Many challenging decisions are involved for women diagnosed with early-stage breast cancer, ones that will affect their long-term disease control and quality of life, according to study author Reshma Jagsi, MD, DPhil.
Despite evidence supporting the benefits of post-mastectomy radiotherapy in some patients, “Many patients must still decide whether they feel that the benefits outweigh the risks,” explained Jagsi, professor and deputy chair in the Department of Radiation Oncology at the University of Michigan. “One of the risks of radiation therapy is that it may affect the options and outcomes for breast reconstruction, which many women who receive mastectomy desire.”
This study collected medical and patient-reported outcomes data from women who were a median age of 49 and diagnosed with breast cancer and elected different types of reconstruction between 2012 and 2015: 553 of these patients received radiotherapy, and 1461 patients did not. About 38% and 25% of the patients who did and did not receive radiotherapy, respectively, received autologous reconstruction, and the rest received implant reconstruction.
From there, researchers determined whether radiotherapy was associated with complications developed post-reconstruction, such as hematoma or wound infection. They also measured patient satisfaction using a BREAST-Q patient-reported outcome instrument, 1 and 2 years after reconstruction.
At 1 year of follow-up, 28.8% of patients who had radiotherapy and 22.3% who did not, had at least 1 of the measured complications. At 2 years of follow-up, 34.1% and 22.5% of those who did and did not receive radiotherapy, respectively, experienced a complication with their breast reconstruction.
After accounting for several variables, the researchers determined that radiotherapy was linked to more than double the odds of developing complications in patients who received implants. However, for those patients who received autologous reconstruction, radiotherapy was not associated with complications. Additionally, the BREAST-Q scores of patients who had received radiation showed significantly lower patient-reported satisfaction than those of the patients who did not receive radiation. Once more, these differences were not shown among the patients with autologous reconstruction.
Currently, well-established approaches to integrate post-mastectomy radiotherapy and breast reconstruction are lacking, noted Jagsi.
“Although women must still weigh multiple factors, including the differences in operative time and rehabilitation required for different approaches when selecting their preferred type of reconstruction, those who plan to receive post-mastectomy radiation therapy should be informed of the substantial and significant impact of radiotherapy observed in the current study among patients who received implant reconstruction.”

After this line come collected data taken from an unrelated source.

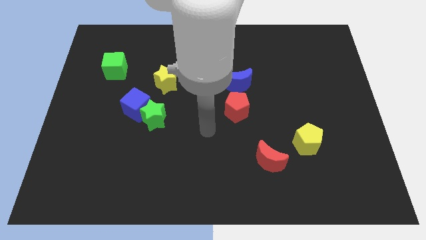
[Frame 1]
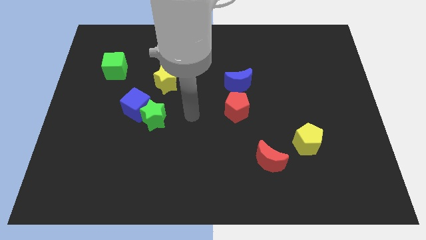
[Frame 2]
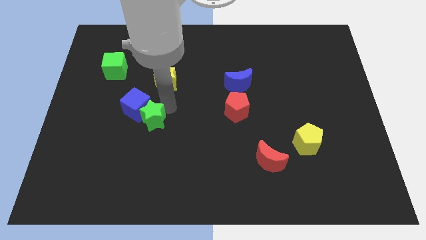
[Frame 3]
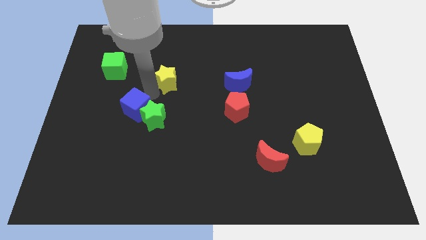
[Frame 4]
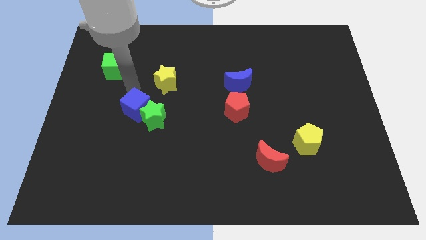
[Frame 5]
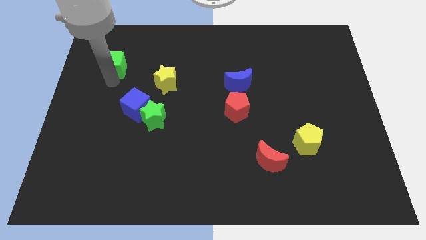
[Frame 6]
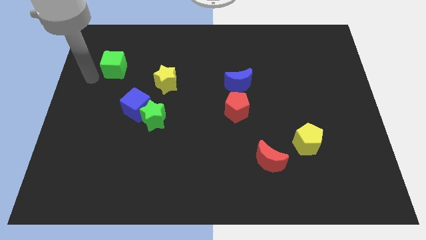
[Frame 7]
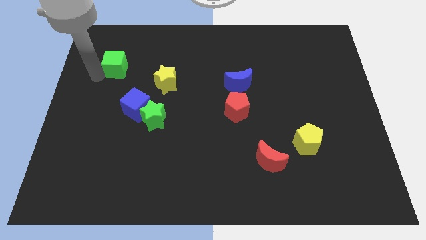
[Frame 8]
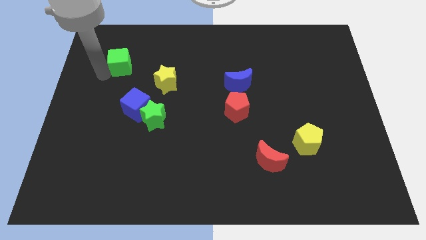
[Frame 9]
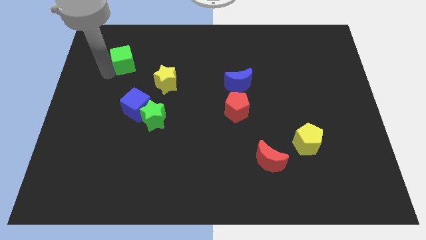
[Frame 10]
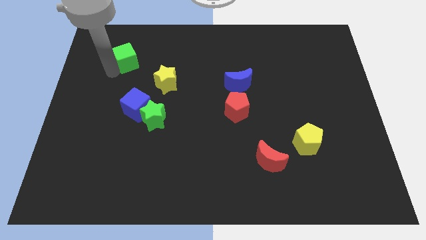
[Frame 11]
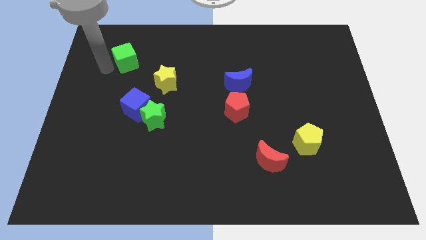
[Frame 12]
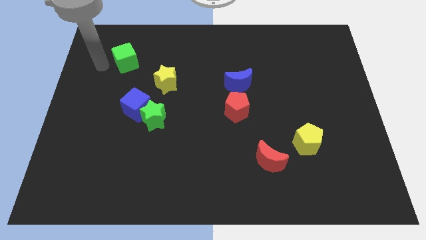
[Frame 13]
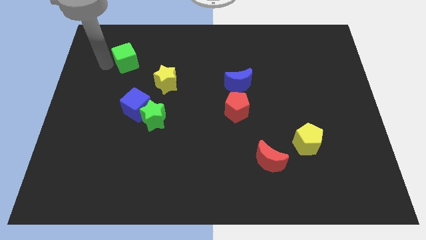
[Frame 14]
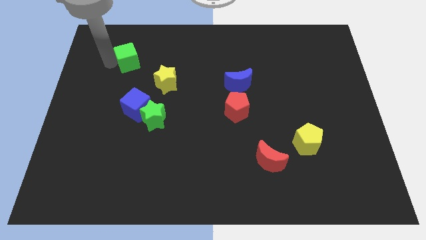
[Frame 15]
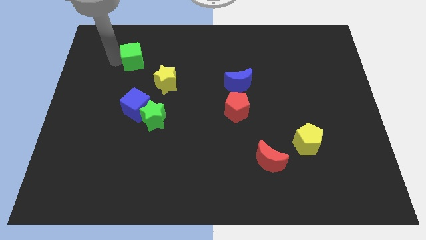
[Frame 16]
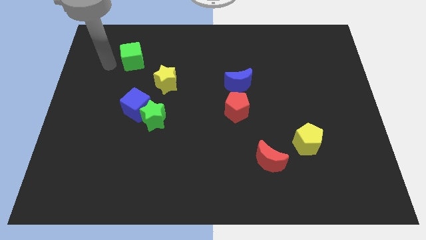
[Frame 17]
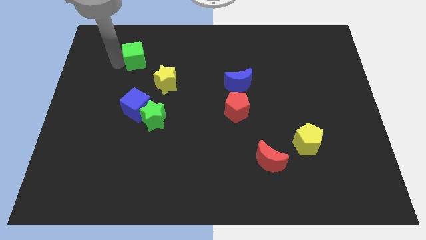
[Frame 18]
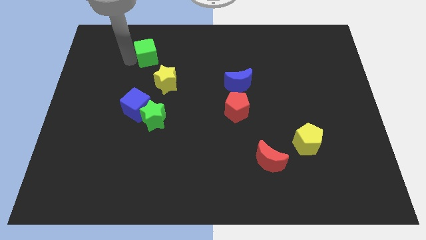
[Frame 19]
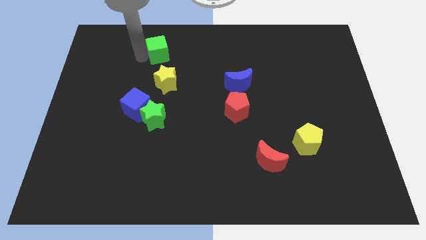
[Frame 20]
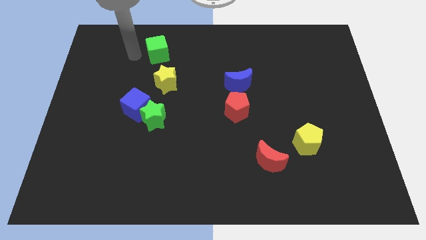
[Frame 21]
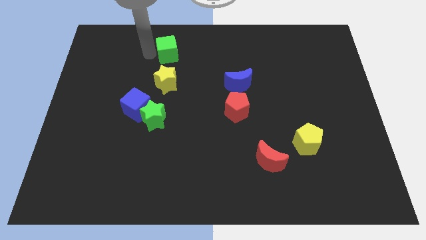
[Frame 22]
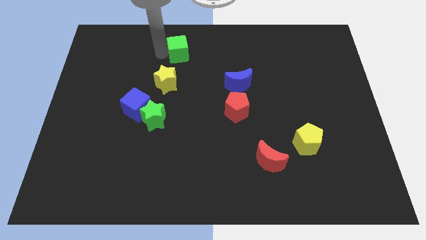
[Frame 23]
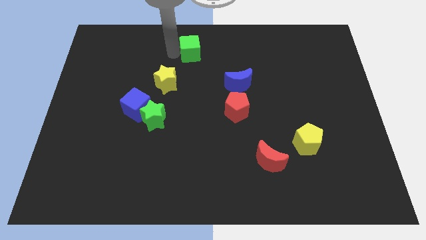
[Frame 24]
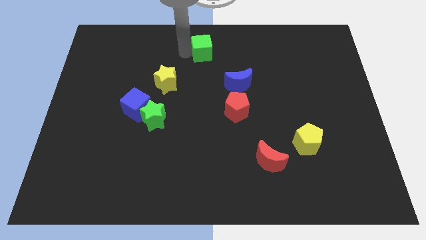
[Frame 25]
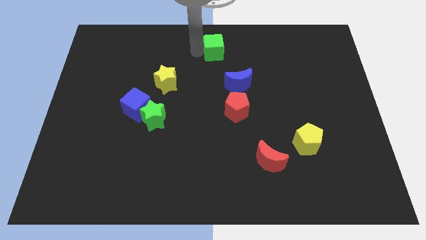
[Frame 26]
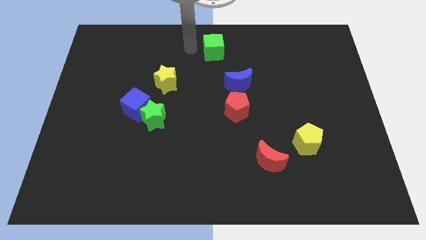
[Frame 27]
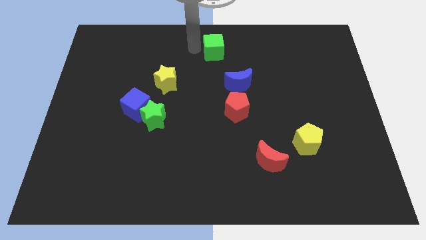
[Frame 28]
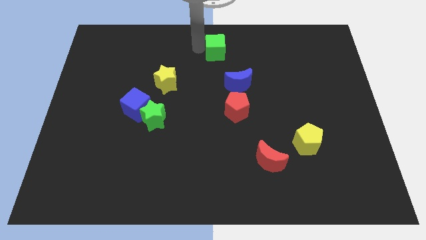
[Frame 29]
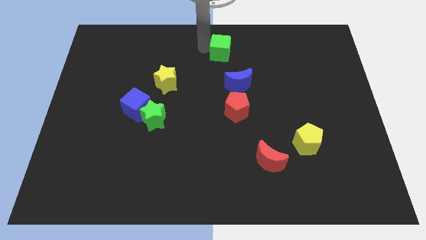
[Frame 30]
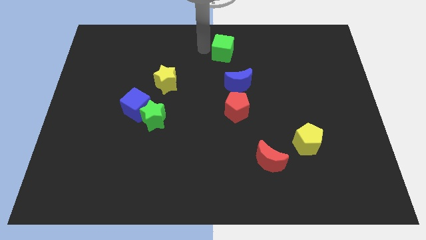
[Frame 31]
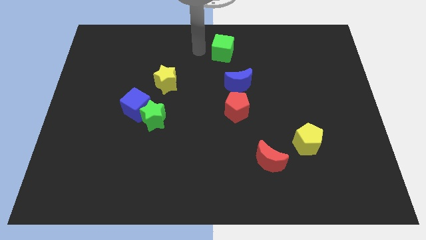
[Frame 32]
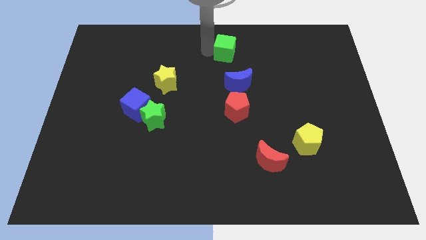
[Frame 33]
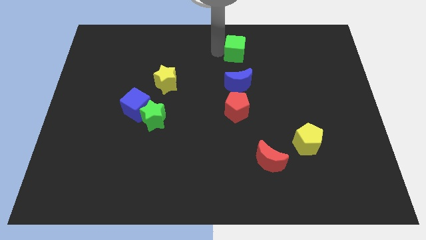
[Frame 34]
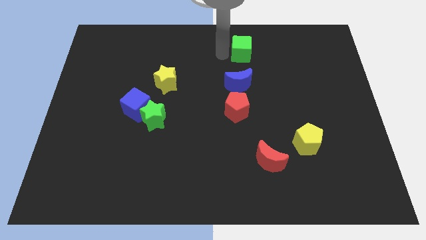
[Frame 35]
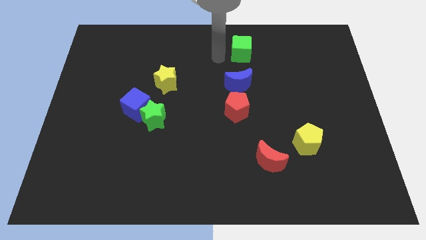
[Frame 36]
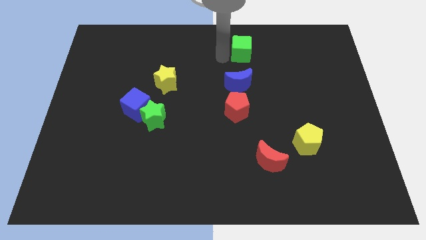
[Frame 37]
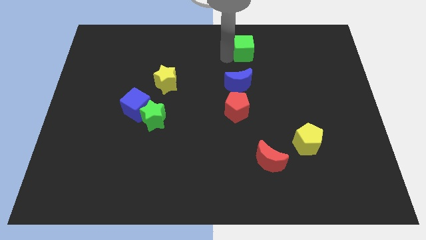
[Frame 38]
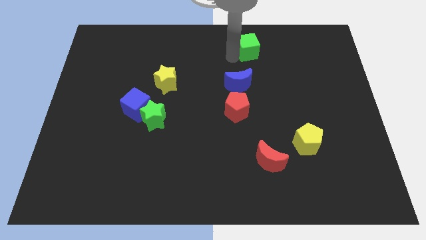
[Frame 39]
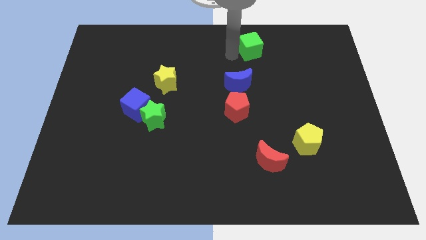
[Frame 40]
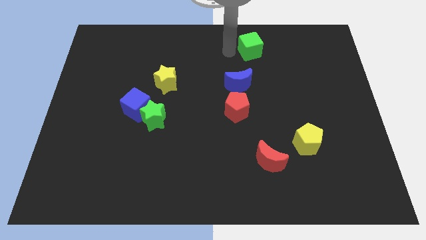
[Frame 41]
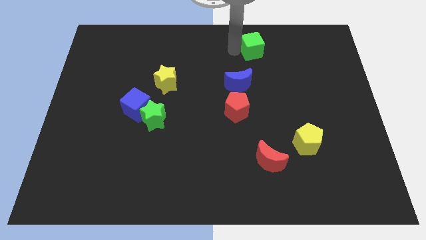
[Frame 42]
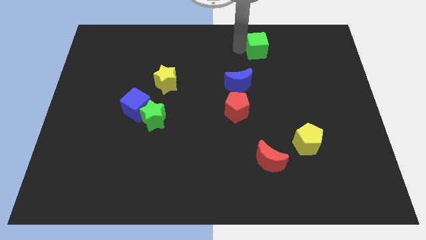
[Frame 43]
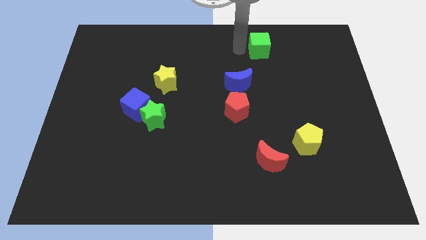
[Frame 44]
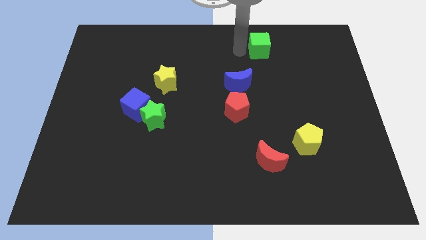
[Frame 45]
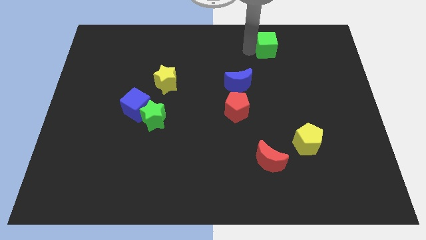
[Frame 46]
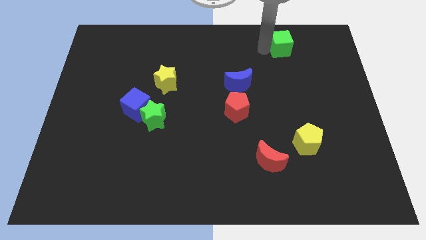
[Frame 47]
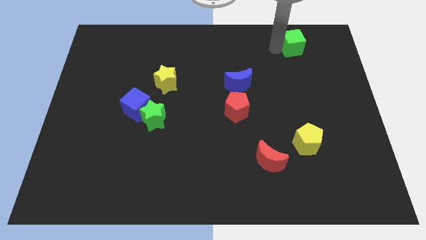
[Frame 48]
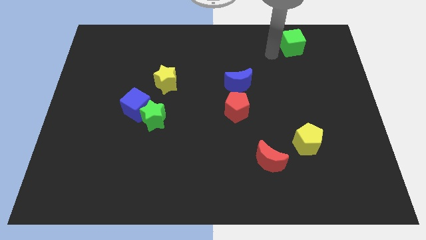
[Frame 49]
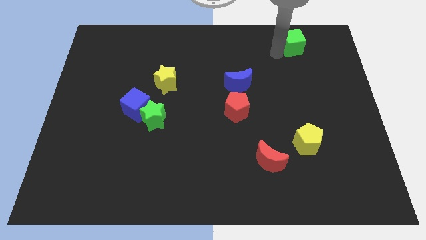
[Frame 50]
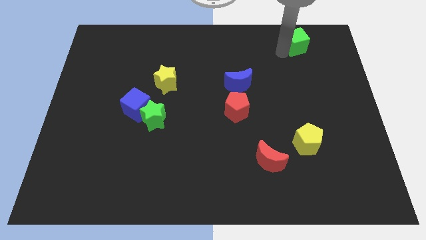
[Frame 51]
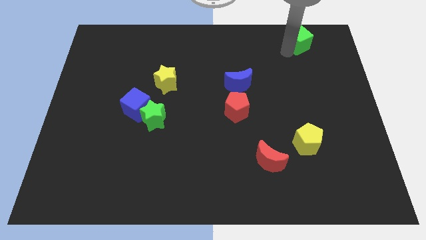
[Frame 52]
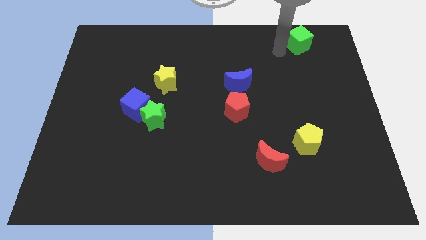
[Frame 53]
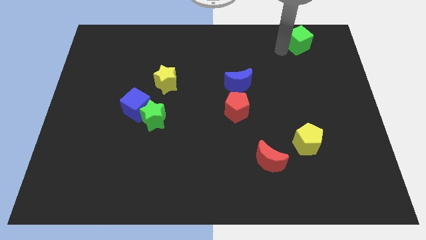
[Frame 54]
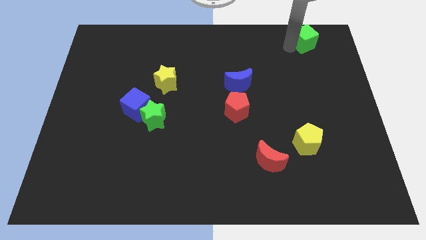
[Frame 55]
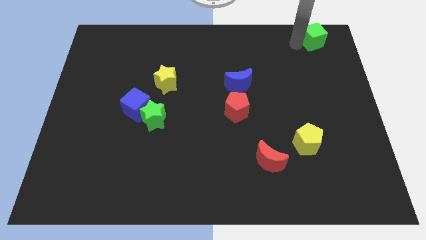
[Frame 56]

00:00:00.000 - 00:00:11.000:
slide the green cube to the top right corner

However, those patients who intended to pursue autologous reconstruction could be reassured by these findings: “Outcomes among patients receiving autologous reconstruction did not appear substantially worse than those of unirradiated patients by 2 years.”

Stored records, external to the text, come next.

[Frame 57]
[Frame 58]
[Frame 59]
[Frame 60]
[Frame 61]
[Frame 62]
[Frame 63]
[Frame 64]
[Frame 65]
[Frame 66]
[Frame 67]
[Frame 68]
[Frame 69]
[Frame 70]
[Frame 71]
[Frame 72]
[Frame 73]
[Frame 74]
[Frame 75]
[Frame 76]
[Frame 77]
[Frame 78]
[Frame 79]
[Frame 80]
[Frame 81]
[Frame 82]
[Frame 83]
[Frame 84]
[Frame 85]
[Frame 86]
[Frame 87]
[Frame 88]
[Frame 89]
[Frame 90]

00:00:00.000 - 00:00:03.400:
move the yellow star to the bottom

Deirdre Kiely, MS, MPA, RN, ANP
Deirdre Kiely, MS, MPA, RN, ANPNurse PractitionerPerlmutter Cancer CenterChristiana Care Health SystemWilmington, DE
Breast cancer is a common disease among American women resulting in an increased awareness of breast cancer-related issues. Despite growing attention to the informational priorities of patients in a shared decision making model of care, patients report that provision of adequate information is an unmet need throughout their cancer experience. This is especially concerning for patients with cancer who must make complex decisions about their treatment based on an understanding of medical information in an unfamiliar learning environment.

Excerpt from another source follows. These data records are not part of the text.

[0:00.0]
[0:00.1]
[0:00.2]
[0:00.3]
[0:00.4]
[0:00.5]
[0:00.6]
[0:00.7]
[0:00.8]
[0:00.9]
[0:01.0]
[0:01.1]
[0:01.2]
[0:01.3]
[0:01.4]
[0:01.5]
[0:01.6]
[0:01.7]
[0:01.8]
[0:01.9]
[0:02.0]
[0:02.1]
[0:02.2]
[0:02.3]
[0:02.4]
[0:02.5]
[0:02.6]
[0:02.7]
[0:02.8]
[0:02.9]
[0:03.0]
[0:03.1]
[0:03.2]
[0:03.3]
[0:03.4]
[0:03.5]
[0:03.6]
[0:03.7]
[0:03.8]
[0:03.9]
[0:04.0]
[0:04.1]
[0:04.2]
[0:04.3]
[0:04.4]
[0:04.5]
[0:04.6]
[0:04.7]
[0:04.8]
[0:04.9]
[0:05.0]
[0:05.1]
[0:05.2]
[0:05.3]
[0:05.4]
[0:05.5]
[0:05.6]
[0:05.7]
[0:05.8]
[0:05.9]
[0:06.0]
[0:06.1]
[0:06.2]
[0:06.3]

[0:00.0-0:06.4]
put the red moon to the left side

The summary of the post-mastectomy radiation therapy (PMRT) data presented at the 2016 San Antonio Breast Cancer Symposium highlights the complexity of decision making around reconstructive options after mastectomy. Although patients with early-stage breast cancer may opt for
a mastectomy, they will probably not meet the criteria to have PMRT and can consider a wider range of reconstructive options. The indication for PMRT is a patient who presents with a high risk of local recurrence where the long-term benefits of radiation outweigh potential short- or long-term adverse effects.
Researcher Reshma Jagsi, MD, DPhil, noted that patients who undergo PMRT after implant-based reconstruction report increased complications and lower satisfaction than those who undergo autologous reconstruction. An additional outcome measure of locoregional control, however, should also be considered, because this is the goal of radiation treatment.
A multidisciplinary approach to surgical planning should include the breast surgeon, plastic reconstructive surgeon, and radiation oncologist addressing preoperative consideration of risks/benefits of the planned surgery. The option of a staged reconstruction where a tissue expander (rather than the permanent implant) is placed at the time of the mastectomy and is in place during radiation would address risk of complications such as capsular contracture. The risks of delaying systemic adjuvant treatment during a longer recovery period after autologous reconstruction should also be considered.
The alignment of information needs and consideration of patient preference for involvement during comprehensive healthcare discussions makes for a more effective and meaningful provider—patient interaction. When patients are encouraged to communicate their concerns, they take an active role in tailoring their care and are generally more satisfied with the overall experience.